ABOUT THIS TASK: The records that follow are to be repeated in full, with no pictures retained.

───── DATA ─────

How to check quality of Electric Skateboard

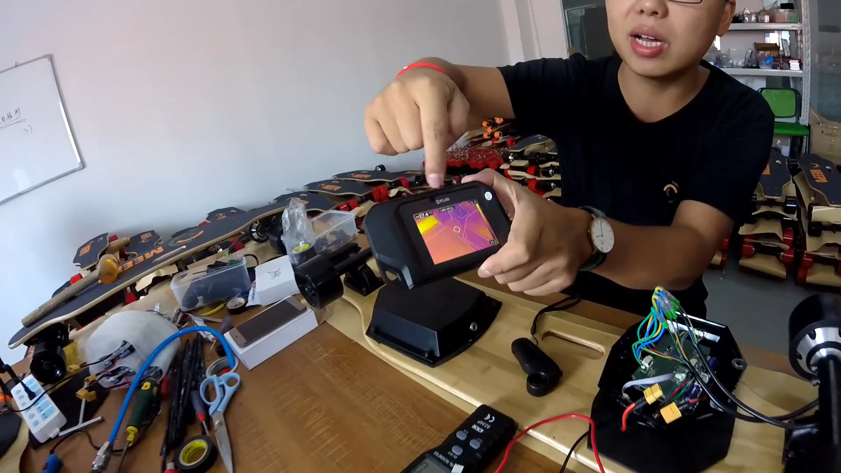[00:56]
You can read from this camera the temperature of every part.
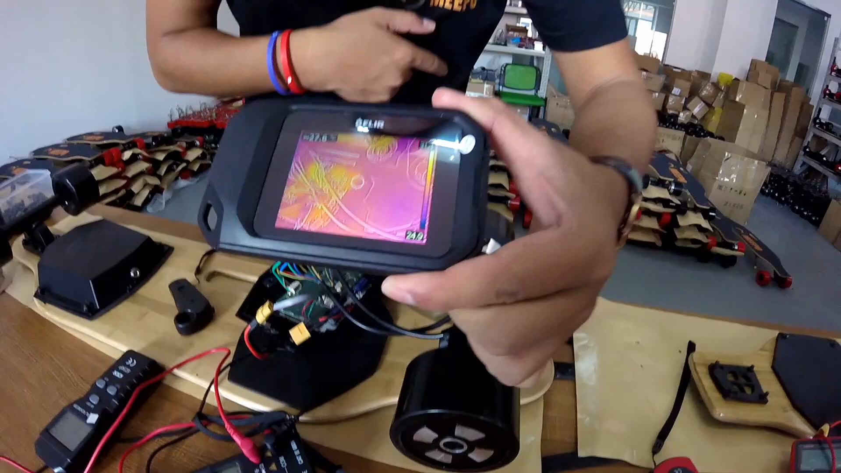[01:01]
Now when it's pointing to the motor you see the temperature 29 point to the ESC 29 I know it's not working it's not running so the temperature is low but when it's running especially for hours at max speed I should know and we should know how hard it is and is it acceptable
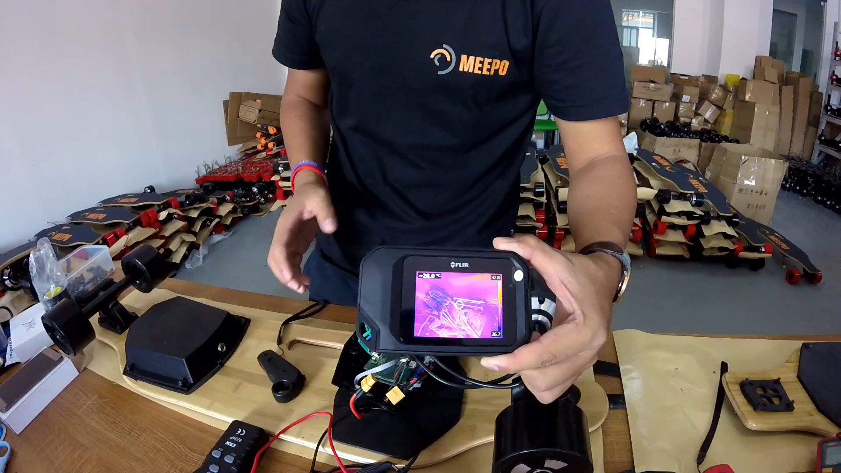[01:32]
or if there is something wrong with it we can know that easily with this camera.
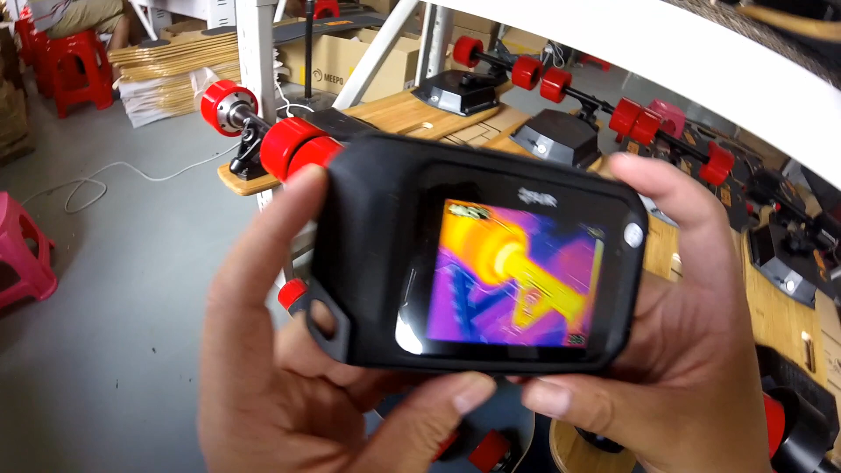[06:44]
wow 44 and we go check
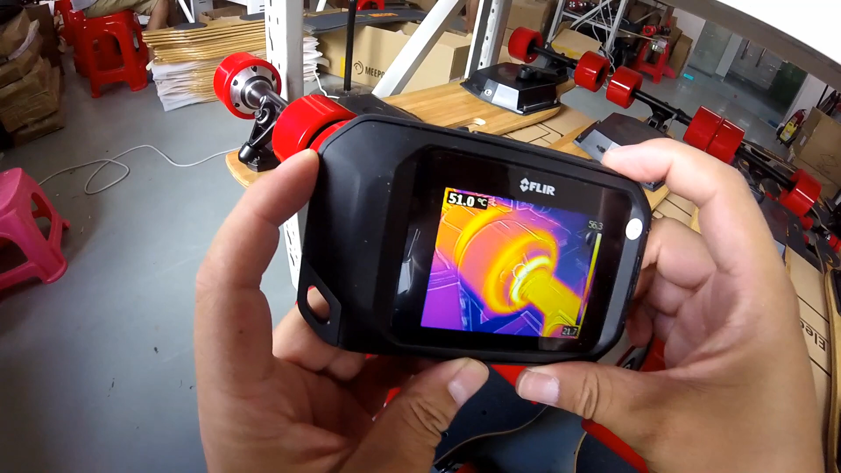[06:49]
On screen: spot 51.0°C
closer 56
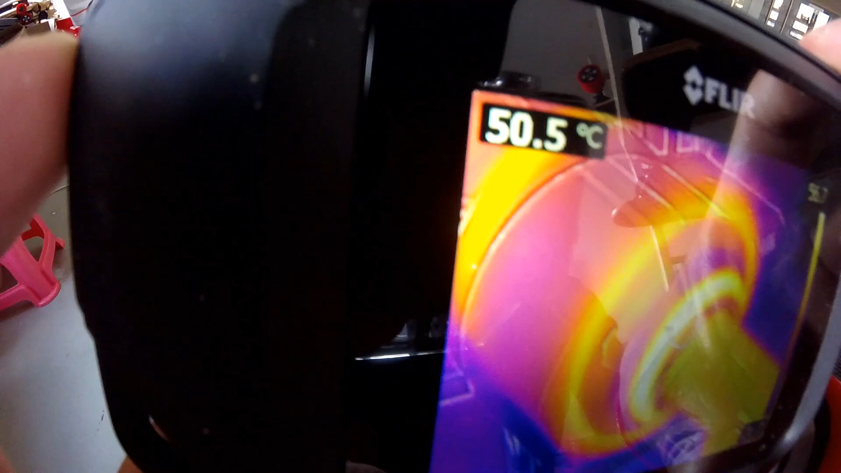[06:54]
On screen: spot 50.5°C
yeah it's 56 around around I guess I guess 16
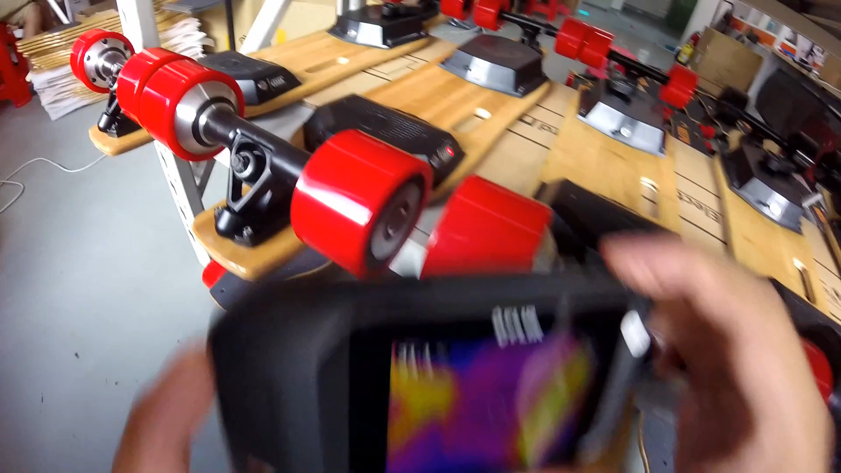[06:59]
I was expecting to see something 16
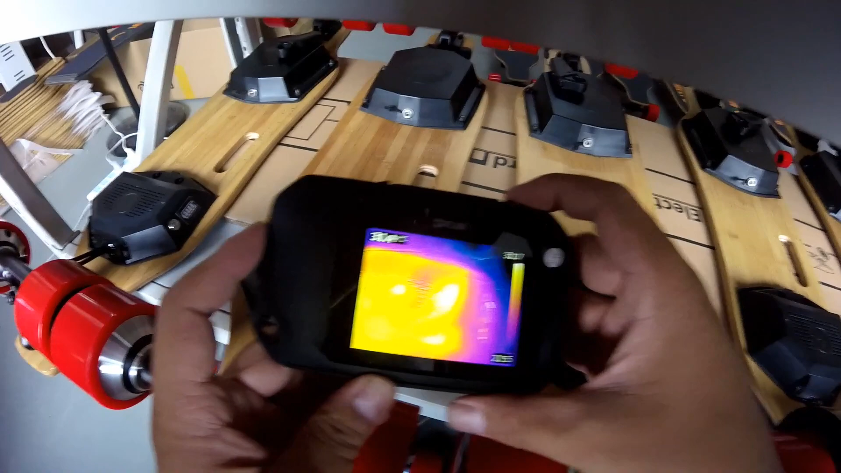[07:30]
opening the ESC case and then check the temperature on the PCB board
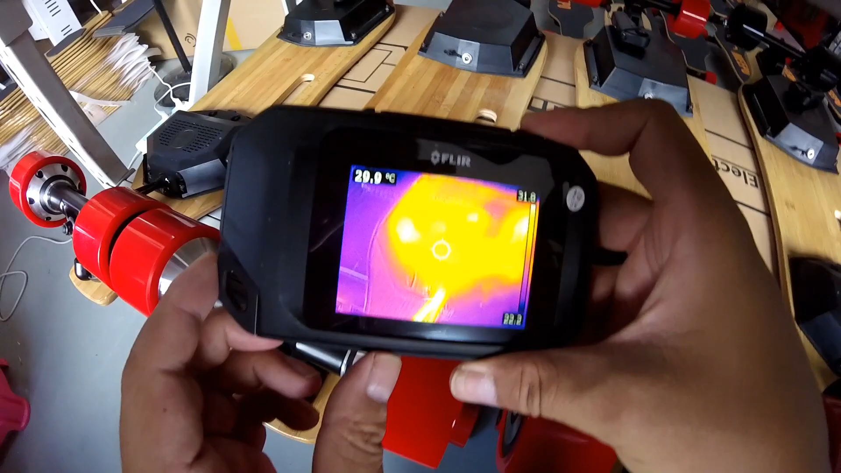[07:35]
On screen: spot 20.9°C
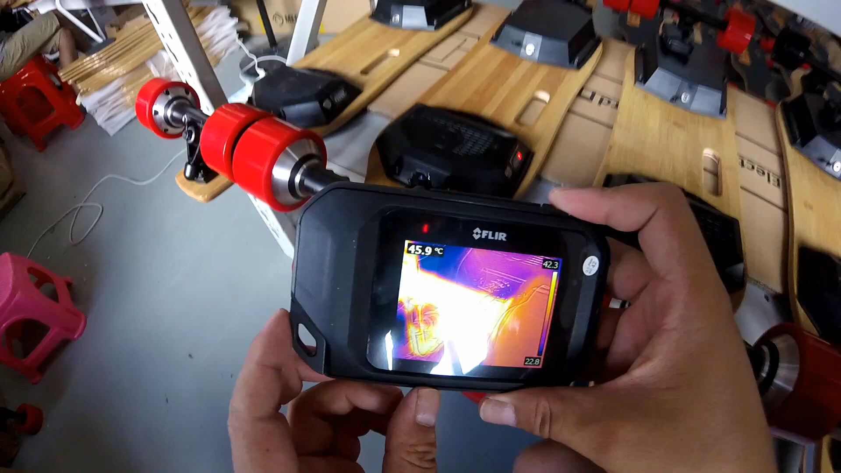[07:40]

─────

ANSWER FOR THE TASK:
How to check quality of Electric Skateboard

[00:56]
You can read from this camera the temperature of every part.
[01:01]
Now when it's pointing to the motor you see the temperature 29 point to the ESC 29 I know it's not working it's not running so the temperature is low but when it's running especially for hours at max speed I should know and we should know how hard it is and is it acceptable
[01:32]
or if there is something wrong with it we can know that easily with this camera.
[06:44]
wow 44 and we go check
[06:49]
On screen: spot 51.0°C
closer 56
[06:54]
On screen: spot 50.5°C
yeah it's 56 around around I guess I guess 16
[06:59]
I was expecting to see something 16
[07:30]
opening the ESC case and then check the temperature on the PCB board
[07:35]
On screen: spot 20.9°C
[07:40]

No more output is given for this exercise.